Okullarda kullanılan akıllı telefon ve tabletler eğitime zararlı mı?
Öğrencilerin okullara akıllı telefon getirmelerinin eğitime katkı sunmayacağını söyleyen Eğitimciler Birliği Sendikası (Eğitim-Bir-Sen) Genel Sekreteri Talat Yavuz, bunun için yasal zeminin oluşturulması gerektiğini belirtti.
Okullarda kullanılan akıllı telefon ve tabletlerin eğitime zararları hakkında İLKHA muhabirine konuşan Eğitim-Bir-Sen Genel Sekreteri Talat Yavuz, dünya genelinde akıllı telefonların okullarda yasaklanmasının tavsiye edildiğini söyledi.

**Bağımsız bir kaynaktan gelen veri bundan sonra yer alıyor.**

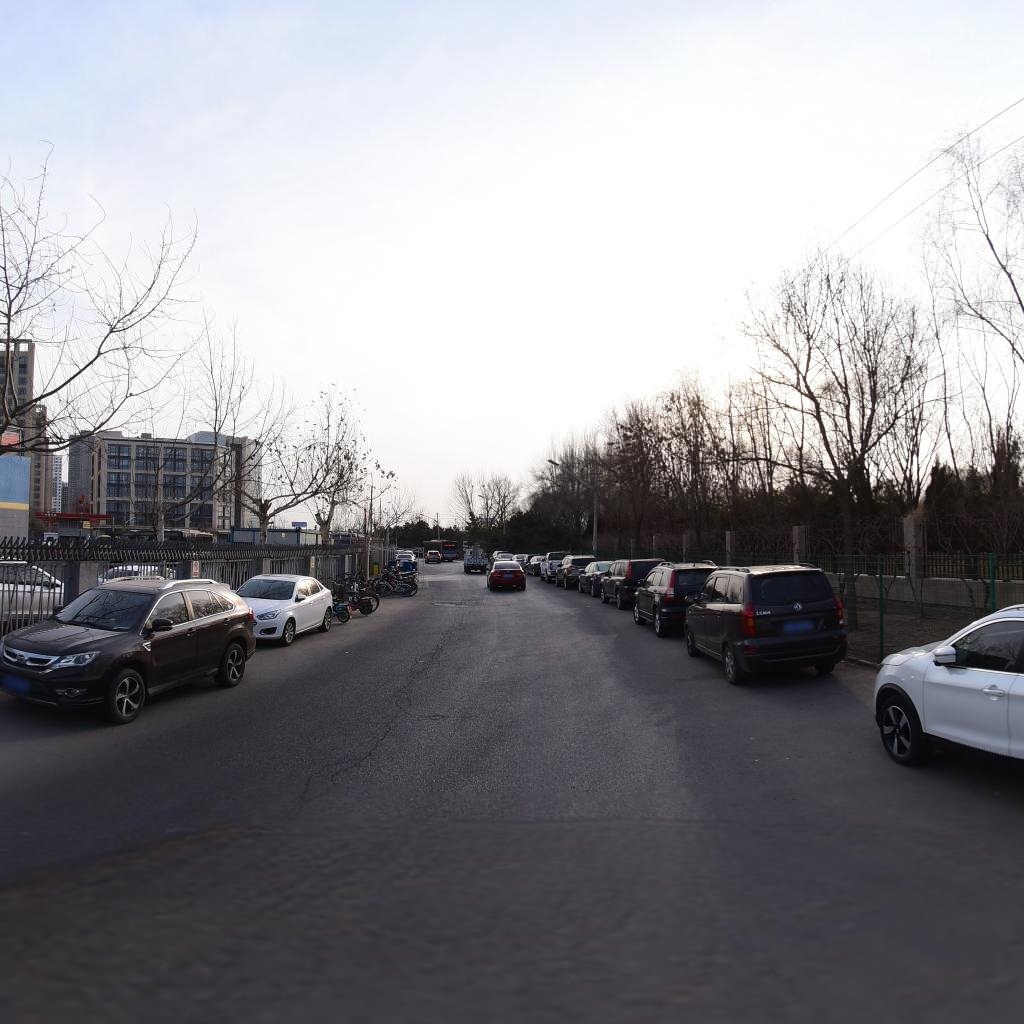
Region: Chaoyang
Road damage annotations: manhole cover, longitudinal crack
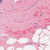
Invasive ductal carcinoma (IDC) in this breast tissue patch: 0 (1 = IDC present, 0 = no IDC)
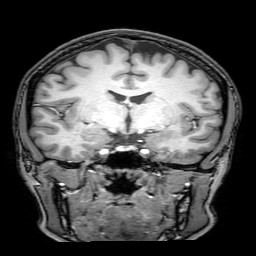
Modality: T1w
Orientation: sagittal
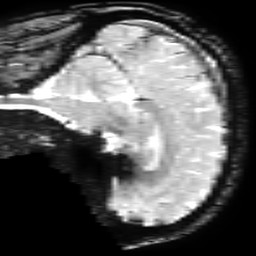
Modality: T2starw
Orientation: sagittal
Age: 36
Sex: male
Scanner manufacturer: ge
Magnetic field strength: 3 T
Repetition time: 0.65 s
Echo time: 0.02 s

"Akıllı telefonlarla birlikte televizyonlarla ilgili yaptığımız uyarı çok masumca kaldı"
Yavuz, "Teknolojik aletler doğru kullanıldığında eğitime katkısı olan, öğrencilerin bilgiye hızlı ulaştığı yönüyle imkan, avantaj artıyor. Ama artık giderek bağımlılık düzeyinde mücadele edilmesi gereken bir bağımlılık aşamasına geliyor. Özellikle internet ortamında sosyal medyadaki içeriklerin zararlı olduğu öğrencilerin orada daha çok kalarak derslerinden, sosyal hayatlarından ve sporundan ödün verdiği için bu bir problemdir. Bu problem bütün dünya genelindedir. Olabildiğince bir kurala bağlamak gerekir. Olabildiğince önlem alınması gerekir çünkü söylediğimiz zor bir şeydir. Bunu ne kadar başarırsak çocuklarımız hayata o kadar hazırlanmış olur. Daha önce televizyonlarla ilgili uyarılar yapıyorduk. Sosyal medyada kaybettiği süre azımsanmayacak kadardır. Akıllı telefonlarla birlikte televizyonlarla ilgili yaptığımız uyarı çok masumca kaldı. Dünya bunun farkındadır. Okul idareleri, rehber öğretmenleri ve sivil toplum kuruluşları bunları bağımlılıkla mücadele kapsamına alması çok doğru bir uygulamadır. Eğitimcilerimiz de bu noktada duyarlı olması lazım. Öğretim yılı başında okullarda Milli Eğitim Bakanlığının cep telefonuyla sınıflara girme noktasında aldığı önlem çok yerinde bir karardır. En azından okuldayken ders saatleri içerisinde çocukların derse odaklanması ve kontrolde tutulması çok anlamlıdır." dedi.
"Teknoloji çağında teknolojik aletler tamamen yasaklanamaz"
Açıklamasının devamında Yavuz, "Bazı şeyleri özgürlük ve bireysel haklar kapsamında değil de disiplin olayları ve çocuğun yararı başlığında değerlendirmek gerekir. Bu anlamda yürütülen bütün çalışmalara sivil toplum, Milli Eğitim Bakanlığı, okul idarelerinin ve velilerin çalışmalarının anlamlı odluğunu çok kıymetli olduğunu buna destek verilmesi gerektiğini düşünüyorum. Veliler dikkat etmesi lazım. Çocuklarımız bunun farkında olmayabilir. Kendilerine ne kadar zarar verdiğini öngöremeyebilirler ama çocuğumuzun talebi 'çocuk biraz kullansın' demek bunları masumca yapılan yanlışlar olarak değerlendirmek lazım. Çocuklarımızı korumak lazım. Tabi ki teknoloji çağında teknolojik aletler tamamen yasaklanamaz. Bu da bir gerçek ama bir ilke, sınır, ölçü ve planlama dahilinde yapılmalıdır. Belki bir ödül gibi kontrollü olarak telefon verilebilir. Kontrollü yapılabildiğinde çocuklarımızın okul başarısı gelir. Ruhsal gelişimleri daha sağlıklı olur. Çocuklarımız okumaya, sanata ve spora da zaman bulurlar. Bunları kontrollü olarak yapmak lazım. Biz öğretmenlere, sivil topluma ve velilere bu görev düşüyor." ifadelerine yer verdi.